The Purpose of the FAA

Thursday, October 6th, 2016


In aviation the FAA (Federal Aviation Agency) plays a large role in what one might learn when getting an education in aviation. So what exactly is the FAA, how did they come into being, and why are they even in force?

The Role of the FAA

The FAA was originally founded with The Federal Aviation Act of 1958 which established the agency under the name FAA (Federal Aviation Agency) as they are still known today. In 1967 the FAA became a part of the Department of Transportation.

The FAA has many roles in the safety of civil aviation including:

  • Regulating civil aviation to promote safety
  • Encouraging and developing civil aeronautics, including new aviation technology
  • Developing and operating a system of air traffic control and navigation for both civil and military aircraft
  • Researching and developing the National Airspace System and civil aeronautics
  • Developing and carrying out programs to control aircraft noise and other environmental effects of civil aviation
  • Regulating U.S. commercial space transportation

What the FAA DoeslogoFAA

As previously mentioned, the FAA plays many roles in the field of avionics, flight safety, and development of new techniques and laws. To touch on a few details of some of what they cover, let’s look at some of the responsibilities, the FAA handles.

Airspace and Air Traffic Management: This is the management of safe, efficient use of navigable airspace to keep all those in flight safe. They operate airport towers, air route traffic control centers, and flight service stations. The FAA is the force behind the rules that are in place and developing of new air traffic rules when needed. They also assign use of airspace and control air traffic. It’s a lot for this administration to handle but they do so efficiently and effectively keeping travelers safe.

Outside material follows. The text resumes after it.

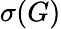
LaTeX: \sigma(G)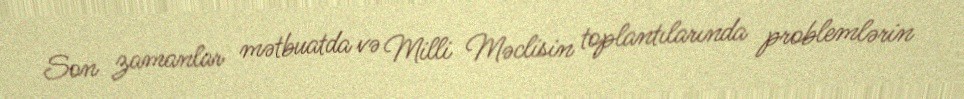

Air Navigation Facilities: The FAA is responsible for the visual and electronic aids that assist in air navigation. They maintain, operate, and assure the quality of these facilities. The FAA is also responsible for sustaining other systems that support air navigation and air traffic control. Some examples include voice and data communication equipment, radar facilities, computer systems, and visual display equipment at flight service stations.

Civil Aviation Abroad: Promotion of aviation safety and encourage civil aviation abroad is important. The FAA works with foreign authorities, exchanging aeronautical information, and certify foreign repair shops, airmen, and mechanics. They also negotiate mutual airworthiness agreements with other countries and take part in international conferences all in an effort to maintain travel safety for this countries travelers and aviation employees.

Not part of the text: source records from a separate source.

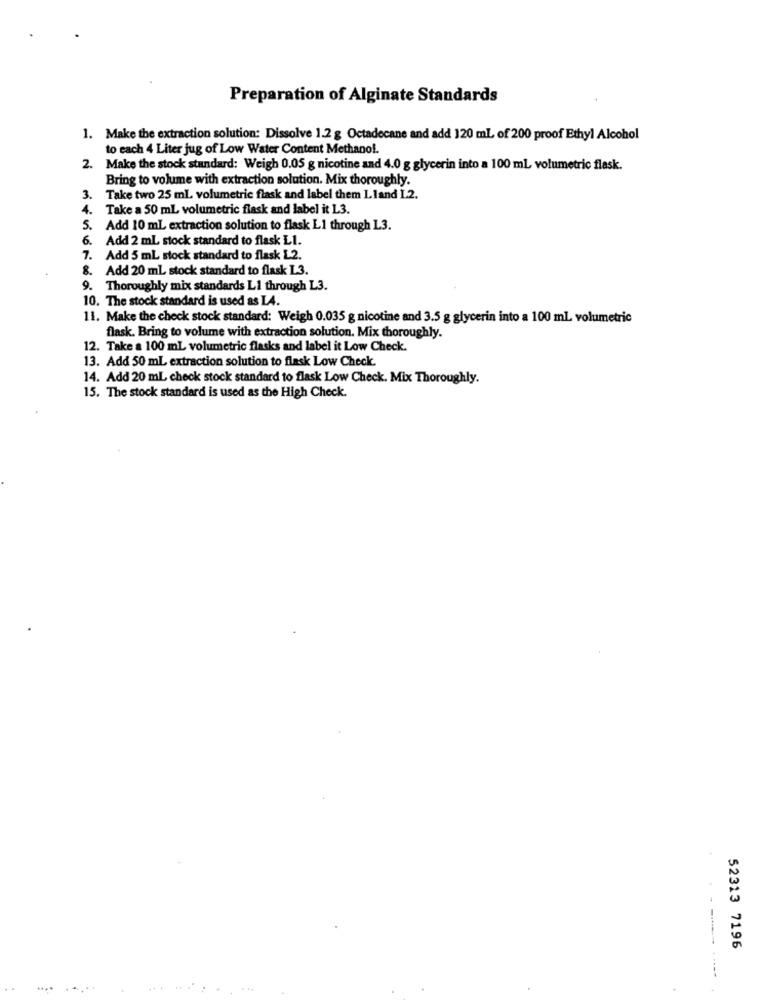
Preparation of Alginate Standards
1. Make the extraction solution: Dissolve 1.2 g Octadecane and add 120 mL of 200 proof Ethyl Alcohol
to each 4 Liter jug of Low Water Content Methanol.
. Make the stock standard: Weigh 0.05 g nicotine and 4.0 g glycerin into a 100 ml volumetric flask.
Bring to volume with extraction solution. Mix thoroughly.
3. Take two 25 ml. volumetric flask and label them Lland I.2.
4. Take a 50 ml volumetric flask and label it L3.
Add 10 mL extraction solution to flask L1 through L3.
6. Add 2 mL stock standard to flask L1.
7. Add 5 mL stock standard to flask L2.
8. Add 20 ml stock standard to flask L3.
9. Thoroughly mix standards Li through L3.
10. The stock standard is used as LA.
11. Make the check stock standard: Weigh 0.035 g nicotine and 3.5 g glycerin into a 100 ml volumetric
flask. Bring to volume with extraction solution. Mix thoroughly.
12. Take a 100 mL volumetric flasks and label it Low Check.
13. Add 50 mL extraction solution to flask Low Check.
14. Add 20 mL check stock standard to flask Low Check. Mix Thoroughly.
15. The stock standard is used as the High Check.
52313 7196
----
.

Commercial Space Transportation: That’s right, you read correctly. Commercial…Space…transportation. The FAA regulates and encourages the U.S. commercial space transportation industry. They license commercial space launch facilities and private launches of space payloads on disposable launch vehicles.

Research, Engineering, and Development: The FAA is continuously looking for ways to improve the safety and systems of air navigation and air traffic control. They help develop better aircraft, engines, equipment, aviation systems, and procedures. They also do research on aeromedical practices. All of this is done in effort to make air travel safe for all involved.

Safety Regulation: The FAA issues and enforces regulations and minimum standards on aircraft manufacturing, operation, and maintenance. They also certify airmen and airports servicing air carriers.

The FAA plays many roles in the safety of those who fly, both as traveler or as employee of airlines. They manage the development of systems, equipment, and laws that govern the many areas of aviation. Always looking to develop better ways to create safe travel and air traffic management, the FAA will continue to work for everyone. Knowing that your role in aviation is important is a helpful tool to guiding the way to getting an education in aviation.